The U.S. District Court for the District of Connecticut granted a motion for summary judgment in favor of Becton, Dickinson & Co. (BDC), a medical products provider, on the grounds that its contracts with MedPricer.com, Inc. (MedPricer), a company operating an online auction platform, violated the federal Anti-Kickback Statute (AKS), and were therefore unenforceable under Connecticut state law. MedPricer.com, Inc. v. Becton, Dickinson & Co., 2017 U.S. Dist. LEXIS 30854 (Memorandum opinion).
As described in the opinion, MedPricer enters into service agreements with hospitals and other health care providers to host online “auctions” for the sale of medical equipment. The health care provider determines which vendors to invite to the online auction and MedPricer sends invitations to the vendors. In order to participate in the MedPricer auction, a vendor must, among other things, accept the terms of a click-through user agreement. Vendors that accept the terms of the agreement may submit bids to the health care provider in response to requests for quotes. The agreements at issue before the Court required BDC to pay MedPricer a fee of 1.5% of the value of any purchase from the vendor, whether or not the sale occurs during the auction events or afterward.
MedPricer originally brought a lawsuit against BDC for nonpayment of fees related to online auction arrangements involving two hospitals. BDC responded by alleging that the agreements violated the AKS, thus rendering them unenforceable. BDC argued that MedPricer was paid remuneration for “arranging for” the sale of items that may be reimbursable by a federal health care program, actions that are prohibited by the AKS, and because Connecticut law prohibits enforcements of illegal contracts, the agreements were unenforceable. On BDC’s motion for summary judgment, the Court agreed, noting that the Health and Human Services Office of Inspector General (OIG) construed the AKS as “extremely broad.” The Court pointed to several OIG advisory opinions in which the OIG stated that percentage-based fee arrangements have an increased potential for federal health care program abuse.
The AKS applies to items for which “payment may be made” by a federal health care program. The Court reasoned that the “payment may be made” requirement calls for a minimal showing – only that the buyer of the goods (i.e., the health care provider) provides services to one or more beneficiaries of a federal health care program and the items could be used in providing those services. Here, BDC produced contracts it had entered into with one of the hospitals that specifically stated that the hospital provides services reimbursable under a federal health care program, and the items could be used in performing those services. Summary judgment was granted in part as to the auction agreement involving that hospital. BDC did not produce its contract with the second hospital, so the minimal showing was not met as to that hospital.

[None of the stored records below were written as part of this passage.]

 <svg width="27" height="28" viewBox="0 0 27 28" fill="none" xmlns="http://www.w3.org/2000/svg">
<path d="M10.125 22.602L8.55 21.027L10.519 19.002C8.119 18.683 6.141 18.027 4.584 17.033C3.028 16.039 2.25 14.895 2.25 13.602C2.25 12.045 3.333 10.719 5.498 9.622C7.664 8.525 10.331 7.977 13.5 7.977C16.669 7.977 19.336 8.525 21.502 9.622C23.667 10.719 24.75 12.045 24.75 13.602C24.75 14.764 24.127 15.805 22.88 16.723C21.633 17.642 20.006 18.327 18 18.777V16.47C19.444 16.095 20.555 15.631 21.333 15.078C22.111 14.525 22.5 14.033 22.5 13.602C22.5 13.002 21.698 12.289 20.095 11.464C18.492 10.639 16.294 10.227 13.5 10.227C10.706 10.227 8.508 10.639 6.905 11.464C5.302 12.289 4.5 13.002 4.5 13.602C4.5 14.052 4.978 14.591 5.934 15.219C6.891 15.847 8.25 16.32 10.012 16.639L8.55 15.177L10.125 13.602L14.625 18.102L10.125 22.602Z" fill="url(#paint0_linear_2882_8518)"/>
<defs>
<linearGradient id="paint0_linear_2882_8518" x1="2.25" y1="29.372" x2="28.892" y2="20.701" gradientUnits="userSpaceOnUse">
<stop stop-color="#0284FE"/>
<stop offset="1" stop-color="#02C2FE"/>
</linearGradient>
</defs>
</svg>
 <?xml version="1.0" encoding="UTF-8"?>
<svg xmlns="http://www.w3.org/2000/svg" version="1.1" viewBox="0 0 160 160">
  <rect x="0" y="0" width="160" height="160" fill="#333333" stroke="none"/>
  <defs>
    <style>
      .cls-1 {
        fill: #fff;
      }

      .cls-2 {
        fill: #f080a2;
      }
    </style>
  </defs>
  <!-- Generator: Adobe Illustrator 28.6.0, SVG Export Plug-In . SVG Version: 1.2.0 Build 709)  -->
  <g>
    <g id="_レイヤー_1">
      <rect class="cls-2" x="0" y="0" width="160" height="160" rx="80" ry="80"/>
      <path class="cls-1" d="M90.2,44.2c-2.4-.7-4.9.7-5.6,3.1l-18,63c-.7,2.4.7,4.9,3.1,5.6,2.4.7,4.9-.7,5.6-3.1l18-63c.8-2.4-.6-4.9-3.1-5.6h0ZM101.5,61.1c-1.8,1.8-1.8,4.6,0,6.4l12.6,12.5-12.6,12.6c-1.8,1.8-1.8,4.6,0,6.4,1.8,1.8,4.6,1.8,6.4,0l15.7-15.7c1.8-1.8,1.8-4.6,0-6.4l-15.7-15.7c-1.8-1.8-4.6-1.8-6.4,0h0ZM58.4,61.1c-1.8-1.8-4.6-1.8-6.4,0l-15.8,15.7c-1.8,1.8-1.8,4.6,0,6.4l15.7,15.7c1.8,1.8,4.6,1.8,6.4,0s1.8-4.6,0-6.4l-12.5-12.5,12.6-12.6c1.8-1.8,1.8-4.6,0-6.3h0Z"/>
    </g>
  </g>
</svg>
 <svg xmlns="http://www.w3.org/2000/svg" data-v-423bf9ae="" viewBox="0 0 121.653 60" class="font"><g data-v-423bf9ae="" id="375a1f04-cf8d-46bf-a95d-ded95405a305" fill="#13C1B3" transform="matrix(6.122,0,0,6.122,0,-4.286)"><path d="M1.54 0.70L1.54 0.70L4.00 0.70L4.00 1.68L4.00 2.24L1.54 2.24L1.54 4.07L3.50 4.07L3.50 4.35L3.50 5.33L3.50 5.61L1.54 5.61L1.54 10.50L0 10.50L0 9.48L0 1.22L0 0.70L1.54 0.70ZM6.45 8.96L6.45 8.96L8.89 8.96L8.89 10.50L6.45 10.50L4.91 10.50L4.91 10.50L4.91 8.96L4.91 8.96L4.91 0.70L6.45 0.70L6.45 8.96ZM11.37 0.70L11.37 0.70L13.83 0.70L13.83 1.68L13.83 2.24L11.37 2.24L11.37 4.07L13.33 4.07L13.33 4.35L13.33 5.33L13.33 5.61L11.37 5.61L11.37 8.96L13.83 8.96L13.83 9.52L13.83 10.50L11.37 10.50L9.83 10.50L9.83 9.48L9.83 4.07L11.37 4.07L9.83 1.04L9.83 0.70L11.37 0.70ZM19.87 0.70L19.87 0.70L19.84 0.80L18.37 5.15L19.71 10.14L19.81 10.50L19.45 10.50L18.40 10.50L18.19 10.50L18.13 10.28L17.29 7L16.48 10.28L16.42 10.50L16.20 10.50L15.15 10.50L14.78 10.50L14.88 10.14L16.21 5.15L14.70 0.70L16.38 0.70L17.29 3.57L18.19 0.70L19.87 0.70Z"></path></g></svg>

Although the type of goods involved (e.g., syringes) were not separately reimbursable under a Federal healthcare program, and despite the fact that the OIG has found that in such scenarios there is not a significant risk of abuse, the Court nevertheless concluded that the agreements violated the AKS. The Court took care to distinguish the OIG’s exercise of discretion in these scenarios from technical violations of the AKS. The Court found that the agreements were in violation of the plain language of the AKS, even if in such scenarios the OIG may be unlikely to take action against the parties.
Although liability under the AKS requires a showing of intent, the Court held that it was not necessary for BDC to establish the scienter element to be entitled to summary judgment. The Court explained that it was not holding anyone criminally liable, but rather, it was determining whether the contracts were contrary to public policy and unenforceable.
Lastly, MedPricer acknowledged that the agreements did not satisfy an AKS safe harbor, but it argued that the agreements were substantially similar to arrangements protected by several safe harbors. The Court stated that “substantial compliance” with a safe harbor did not save the agreements from being held illegal. Notably, the Court also mentioned that MedPricer had decided not to seek an advisory opinion from the OIG regarding its online action agreements.